KedroPipelineExplorer class parses a pipeline node
A simple example pipeline can be -

def create_pipeline(**kwargs) -> Pipeline:
    return pipeline(
        [
            node(
                func=preprocess_companies,
                inputs="companies",
                outputs="preprocessed_companies",
                name="preprocess_companies_node",
            ),
            node(
                func=preprocess_shuttles,
                inputs="shuttles",
                outputs="preprocessed_shuttles",
                name="preprocess_shuttles_node",
            ),
            node(
                func=create_model_input_table,
                inputs=["preprocessed_shuttles", "preprocessed_companies", "reviews"],
                outputs="model_input_table",
                name="create_model_input_table_node",
            ),
        ]
    )

The corresponding AST -

FunctionDef(
  name='create_pipeline',
  args=arguments(
    posonlyargs=[],
    args=[],
    kwonlyargs=[],
    kw_defaults=[],
    kwarg=arg(arg='kwargs'),
    defaults=[]),
  body=[
    Return(
      value=Call(
        func=Name(id='pipeline', ctx=Load()),
        args=[
          List(
            elts=[
              Call(
                func=Name(id='node', ctx=Load()),
                args=[],
                keywords=[
                  keyword(
                    arg='func',
                    value=Name(id='preprocess_companies', ctx=Load())),
                  keyword(
                    arg='inputs',
                    value=Constant(value='companies')),
                  keyword(
                    arg='outputs',
                    value=Constant(value='preprocessed_companies')),
                  keyword(
                    arg='name',
                    value=Constant(value='preprocess_companies_node'))]),

We will create a Kedro Node using the tree above by extracting the node func args and kwargs
We will also extract the pipeline func args and kwargs
Once we create all the Kedro Nodes, we create a Kedro Pipeline. The pipeline can be a modular/namespace pipeline if the pipeline has a kwarg of namespace (WIP as node can also have a namespace)

Challenges -

Kedro Node has a kwarg func which is of type Callable -

Since we are dealing with strings, it is hard to compile the function without installing any dependency. The workaround in this PR dynamically creates a function with the name stored in func_name using exec. The exec function executes the string as Python code in the context of the globals() dictionary. This means that a new function named func_name with arbitrary arguments (*args and **kwargs) and an empty body (pass) is created in the global scope.

if keyword.arg == "func":
    func_name = keyword.value.id
    exec(f"def {func_name}(*args, **kwargs): pass", globals())
    node_func = globals()[func_name]

Parsing args and kwargs values -

The values of args/kwargs of a node/pipeline can contain complex types like reference types, comprehensions, formatted strings, Joined strings etc. as shown below - (demo_project -> modelling -> pipeline.py)

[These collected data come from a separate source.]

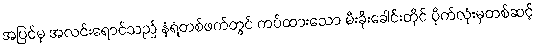
အပြင်မှ အလင်းရောင်သည် နံရံတစ်ဖက်တွင် ကပ်ထားသော မီးခိုးခေါင်းတိုင် ပိုက်လုံးမှတစ်ဆင့်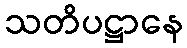
သတိပဋ္ဌာနေ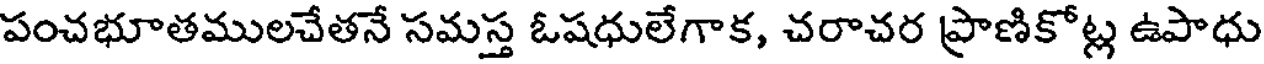
పంచభూతములచేతనే సమస్త ఓషధులేగాక, చరాచర ప్రాణికోట్ల ఉపాధు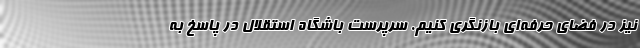
نیز در فضای حرفه‌ای بازنگری کنیم. سرپرست باشگاه استقلال در پاسخ به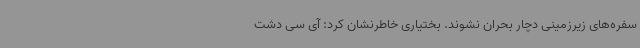
سفره‌های زیرزمینی دچار بحران نشوند. بختیاری خاطرنشان کرد: آی سی دشت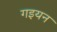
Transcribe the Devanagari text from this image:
गइयन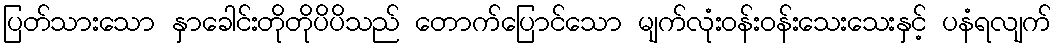
ပြတ်သားသော နှာခေါင်းတိုတိုပိပိသည် တောက်ပြောင်သော မျက်လုံးဝန်းဝန်းသေးသေးနှင့် ပနံရလျက်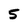
Character: 5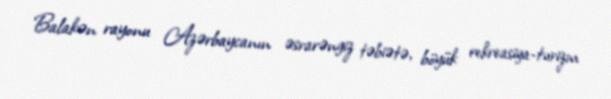
Balakən rayonu Azərbaycanın əsrarəngiz təbiətə, böyük rekreasiya-turizm

def create_pipeline(model_types: List[str]) -> Pipeline:
    test_train_refs = ["X_train", "X_test", "y_train", "y_test"]

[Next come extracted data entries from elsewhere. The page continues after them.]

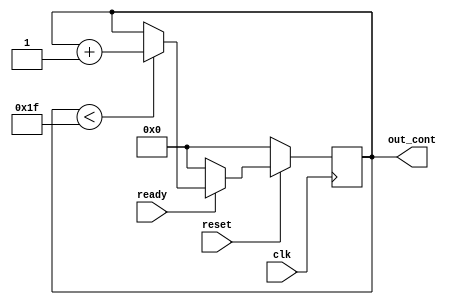
//=========================================================CONTADOR=====================================================================

// out_logic_final[0]

`ifndef couter
`define couter
module couter (
    input clk,
    input reset,
    input ready,

    output reg[4:0] out_cont
);

always @ (posedge clk) begin
    if (reset == 1) begin
    	if (ready == 1) begin
    		if (out_cont < 31) begin
    			out_cont <= out_cont + 1;
    		end
    		else begin
    			if (out_cont >= 31) begin
    				out_cont <= out_cont;
    			end
    		end
    	end
    	else begin
    		out_cont <= 0;
    	end
    end
    else begin
    	out_cont <= 0;
    end
end
endmodule
`endif

//========================================================VECTOR W2====================================================================

`ifndef vec_w1
`define vec_w1
module vec_w1(

input reset,

    input[7:0] array_numbers0,
    input[7:0] array_numbers1,
    input[7:0] array_numbers2,
    input[7:0] array_numbers3,
    input[7:0] array_numbers4,
    input[7:0] array_numbers5,
    input[7:0] array_numbers6,
    input[7:0] array_numbers7,
    input[7:0] array_numbers8,
    input[7:0] array_numbers9,
    input[7:0] array_numbers10,
    input[7:0] array_numbers11,
    input[7:0] array_numbers12,
    input[7:0] array_numbers13,
    input[7:0] array_numbers14,
    input[7:0] array_numbers15,
     
    input[127:0] out_mem_w2,

    output reg[127:0] out_W2
);
always @ (*) begin
    if (reset == 1) begin
    	//if(cont <= 15) begin
    		out_W2[7:0] = array_numbers13 | array_numbers7 ^ array_numbers2; //16
    		out_W2[15:8] = array_numbers14 | array_numbers8 ^ array_numbers3; //17
    		out_W2[23:16] = array_numbers15 | array_numbers9 ^ array_numbers4; //18
   		out_W2[31:24] = out_mem_w2[7:0] | array_numbers10 ^ array_numbers5; //19
   		out_W2[39:32] = out_mem_w2[15:8] | array_numbers11 ^ array_numbers6; //20
    		out_W2[47:40] = out_mem_w2[23:16] | array_numbers12 ^ array_numbers7; //21
    		out_W2[55:48] = out_mem_w2[31:24] | array_numbers13 ^ array_numbers8; //22
    		out_W2[63:56] = out_mem_w2[39:32] | array_numbers14 ^ array_numbers9; //23
    		out_W2[71:64] = out_mem_w2[47:40] | array_numbers15 ^ array_numbers10; //24
    		out_W2[79:72] = out_mem_w2[55:48] | out_mem_w2[7:0] ^ array_numbers11; //25
    		out_W2[87:80] = out_mem_w2[63:56] | out_mem_w2[15:8] ^ array_numbers12; //26
    		out_W2[95:88] = out_mem_w2[71:64] | out_mem_w2[23:16] ^ array_numbers13; //27
    		out_W2[103:96] = out_mem_w2[89:72] | out_mem_w2[31:24] ^ array_numbers13; //28
    		out_W2[111:104] = out_mem_w2[97:90] | out_mem_w2[39:32] ^ array_numbers14; //29
    		out_W2[119:112] = out_mem_w2[105:98] | out_mem_w2[47:40] ^ array_numbers15; //30
    		out_W2[127:120] = out_mem_w2[113:106] | out_mem_w2[55:48] ^ out_mem_w2[7:0]; //31
    	//end
    	//else
    		//out_W2 = 0; 
    end
    else
    	out_W2 = 0;
end
endmodule
`endif

//======================================================MEMORIA========================================================================
`ifndef vec_w2
`define vec_w2

module vec_w2 (
    input clk,
    input reset,
    input ready,

    input[127:0] array_w2,
    
    output reg[127:0] out_vec_w2
);

    
always @ (posedge clk) begin
    if (reset == 1) begin
    	if (ready == 1) begin
    		out_vec_w2 <= array_w2;
    	end
    	else
    		out_vec_w2 <= 0;
    		
    end
    else 
    	out_vec_w2 <= 0;
end
endmodule
 
`endif

//======================================================MUX========================================================================
`ifndef mux
`define mux

module mux (
    input clk,
    input ready,

    input[23:0] imput_abc,
    
    output reg[23:0] out_abc
);

    
parameter H0 = 8'b00000001;
parameter H1 = 8'b10001001;
parameter H2 = 8'b11111110;

always @ (*) begin
    if (ready == 1) begin
  	out_abc = imput_abc;
    end
    else begin
    	out_abc[7:0] <= H0;
    	out_abc[15:8] <= H1;
    	out_abc[23:16] <= H2;
    end
end
endmodule
 
`endif


//======================================================MEM_ABC========================================================================
`ifndef mem_abc
`define mem_abc

module mem_abc (
    input clk,

    input[23:0] imput_abc_mem,
    
    output reg[23:0] out_abc_mem
);

always @ (posedge clk) begin
  	out_abc_mem <= imput_abc_mem;
end
endmodule
 
`endif



//======================================================LOGICA_ABC======================================================================
`ifndef logic_abc
`define logic_abc

module logic_abc (
    input clk,
    input [4:0]counter,

    input[23:0] imput_abc_logic,
   
    input[7:0] array_numbers0,
    input[7:0] array_numbers1,
    input[7:0] array_numbers2,
    input[7:0] array_numbers3,
    input[7:0] array_numbers4,
    input[7:0] array_numbers5,
    input[7:0] array_numbers6,
    input[7:0] array_numbers7,
    input[7:0] array_numbers8,
    input[7:0] array_numbers9,
    input[7:0] array_numbers10,
    input[7:0] array_numbers11,
    input[7:0] array_numbers12,
    input[7:0] array_numbers13,
    input[7:0] array_numbers14,
    input[7:0] array_numbers15,
   
    input[127:0] imput_W2_logic,
    
    
    output reg[23:0] out_logic_final
);

reg [7:0]a;
reg [15:8]b;
reg [23:16]c;

parameter k1 = 8'b10011001;
parameter k2 = 8'b10100001;

always @ (*) begin

	a = imput_abc_logic[7:0];
	b = imput_abc_logic[15:8];
	c = imput_abc_logic[23:16];
end


always @ (posedge clk) begin
  	
	if (counter <= 15) begin 
  		out_logic_final[7:0] <= b ^ c;
  		out_logic_final[15:8] <= c << 4;
  		
  		if (counter == 0) out_logic_final[23:16] <= (a ^ b) + k1 + array_numbers0; //x = a ^ b;
  		if (counter == 1) out_logic_final[23:16] <= (a ^ b) + k1 + array_numbers1;
  		if (counter == 2) out_logic_final[23:16] <= (a ^ b) + k1 + array_numbers2;
  		if (counter == 3) out_logic_final[23:16] <= (a ^ b) + k1 + array_numbers3;
  		if (counter == 4) out_logic_final[23:16] <= (a ^ b) + k1 + array_numbers4;
  		if (counter == 5) out_logic_final[23:16] <= (a ^ b) + k1 + array_numbers5;
  		if (counter == 6) out_logic_final[23:16] <= (a ^ b) + k1 + array_numbers6;
  		if (counter == 7) out_logic_final[23:16] <= (a ^ b) + k1 + array_numbers7;
  		if (counter == 8) out_logic_final[23:16] <= (a ^ b) + k1 + array_numbers8;
  		if (counter == 9) out_logic_final[23:16] <= (a ^ b) + k1 + array_numbers9;
  		if (counter == 10) out_logic_final[23:16] <= (a ^ b) + k1 + array_numbers10;
  		if (counter == 11) out_logic_final[23:16] <= (a ^ b) + k1 + array_numbers11;
  		if (counter == 12) out_logic_final[23:16] <= (a ^ b) + k1 + array_numbers12;
  		if (counter == 13) out_logic_final[23:16] <= (a ^ b) + k1 + array_numbers13;
  		if (counter == 14) out_logic_final[23:16] <= (a ^ b) + k1 + array_numbers14;
  		if (counter == 15) out_logic_final[23:16] <= (a ^ b) + k1 + array_numbers15;	
  	end
  	else begin
  	
  		if (counter == 16) begin
  			out_logic_final[7:0] = b ^ c;
  			out_logic_final[15:8] = c << 4;
  			out_logic_final[23:16] = (a ^ b) + k1 + imput_W2_logic[7:0]; //x = a ^ b;
  			
  		end
  		else begin 
  			if ((counter >= 17) & (counter <= 31)) begin
  				out_logic_final[7:0] <= b ^ c;
  				out_logic_final[15:8] <= c << 4;
  			if (counter == 17) out_logic_final[23:16] <= (a | b) + k2 + imput_W2_logic[15:8];
  			if (counter == 18) out_logic_final[23:16] <= (a | b) + k2 + imput_W2_logic[23:16];
  			if (counter == 19) out_logic_final[23:16] <= (a | b) + k2 + imput_W2_logic[31:24];
  			if (counter == 20) out_logic_final[23:16] <= (a | b) + k2 + imput_W2_logic[39:32];
  			if (counter == 21) out_logic_final[23:16] <= (a | b) + k2 + imput_W2_logic[47:40];
  			if (counter == 22) out_logic_final[23:16] <= (a | b) + k2 + imput_W2_logic[55:48];
  			if (counter == 23) out_logic_final[23:16] <= (a | b) + k2 + imput_W2_logic[63:56];
  			if (counter == 24) out_logic_final[23:16] <= (a | b) + k2 + imput_W2_logic[71:64];
  			if (counter == 25) out_logic_final[23:16] <= (a | b) + k2 + imput_W2_logic[79:72];
  			if (counter == 26) out_logic_final[23:16] <= (a | b) + k2 + imput_W2_logic[87:80];
  			if (counter == 27) out_logic_final[23:16] <= (a | b) + k2 + imput_W2_logic[95:88];
  			if (counter == 28) out_logic_final[23:16] <= (a | b) + k2 + imput_W2_logic[103:96];
  			if (counter == 29) out_logic_final[23:16] <= (a | b) + k2 + imput_W2_logic[111:104];
  			if (counter == 30) out_logic_final[23:16] <= (a | b) + k2 + imput_W2_logic[119:112];
  			if (counter == 31) out_logic_final[23:16] <= (a | b) + k2 + imput_W2_logic[127:120];
  			end
  			else begin
  				out_logic_final[7:0] <= out_logic_final[7:0];
  				out_logic_final[15:8] <= out_logic_final[15:8];
  				out_logic_final[23:16] <= out_logic_final[23:16] ;
  			end
  		end
  	end
end
endmodule
 
`endif



//======================================================Suma_final=====================================================================
`ifndef final_sum
`define final_sum

module final_sum (
	
	input clk,
	input reset,
    input [4:0] counter,
    input [23:0] out_logic_final,
    
    output reg[7:0] out_hash0,
    output reg[7:0] out_hash1,
    output reg[7:0] out_hash2
);

parameter H0 = 8'b00000001;
parameter H1 = 8'b10001001;
parameter H2 = 8'b11111110;

reg flag;

always @ (posedge clk) begin

	if (reset == 0) begin
		out_hash0 <= 0;
  		out_hash1 <= 0;
  		out_hash2 <= 0;
  		flag <= 1;
	end
	else begin
		if (counter == 31 & flag) begin
  			out_hash0 <= out_logic_final[7:0]+H0;
  			out_hash1 <= out_logic_final[15:8]+H1;
  			out_hash2 <= out_logic_final[23:16]+H2;
  			flag <= 0;
  		end
  		else begin
  			if (counter < 31 ) begin
  				flag <= 1;
  				out_hash0 <= 0;
  				out_hash1 <= 0;
 				out_hash2 <= 0;
 			end
 			else begin
 				flag <= 0;
  				out_hash0 <= out_hash0;
  				out_hash1 <= out_hash1;
 				out_hash2 <= out_hash2;
 			end	
  		end
  	end
end
endmodule
 
`endif

    # Split the model_input data
    split_stage_pipeline = pipeline(
        [
            node(
                func=split_data,
                inputs=["model_input_table", "params:split_options"],
                outputs=test_train_refs, # variable reference
            )
        ]
    )

    # Instantiate a new modeling pipeline for every model type
    model_pipelines = [
        pipeline(
            pipe=new_train_eval_template(), # Function call
            parameters={"dummy_model_options": f"model_options.{model_type}"}, # formatted strings
            inputs={k: k for k in test_train_refs},  # comprehension + variable reference
            namespace=model_type,
        )
        for model_type in model_types
    ]

    # Combine modeling pipeliens into one pipeline object
    all_modeling_pipelines = sum(model_pipelines)

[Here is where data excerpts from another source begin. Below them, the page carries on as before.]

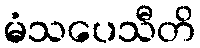
မံသပေသီတိ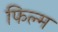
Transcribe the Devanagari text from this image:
फिल्म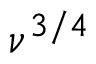
\nu ^ { 3 / 4 }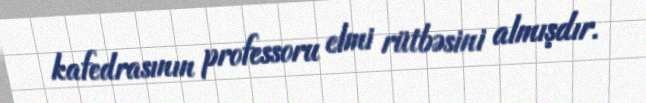
kafedrasının professoru elmi rütbəsini almışdır.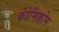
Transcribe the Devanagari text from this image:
कोमिक्रोम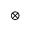
\otimes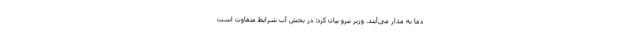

    # Namespace consolidated modeling pipelines
    consolidated_model_pipelines = pipeline(
        pipe=all_modeling_pipelines,
        namespace="train_evaluation",
        inputs=test_train_refs, # variable reference
    )

    # Combine split and modeling stages into one pipeline
    complete_model_pipeline = split_stage_pipeline + consolidated_model_pipelines
    return complete_model_pipeline

The solution for these complex types needs to be explored. This PR contains helper functions parse_value, evaluate_ast_node, extract_variables_from_function to deal with some of the complex types.

Dealing with namespaces, multiple pipeline() functions, having more than 1 create_pipeline within a pipeline.py need to be explored.

Next Steps:

Discuss this during Tech Design scheduled on July 10, 2024
Explore alternatives if any
If we decide on AST approach, explore on the challenges
Set/Decide on the expectations for the initial release

Thanks a lot @ravi-kumar-pilla for the super detailed writeups!! 👏🏼

One question on the approach, just by quickly reading your first comment:

Mock the dependencies in-case of an import error

Have you considered unconditionally mock the dependencies? So that --lite is always faster than the regular version, whether the user has the dependencies or not.

One question on the approach, just by quickly reading your first comment:

Mock the dependencies in-case of an import error

Have you considered unconditionally mock the dependencies? So that --lite is always faster than the regular version, whether the user has the dependencies or not.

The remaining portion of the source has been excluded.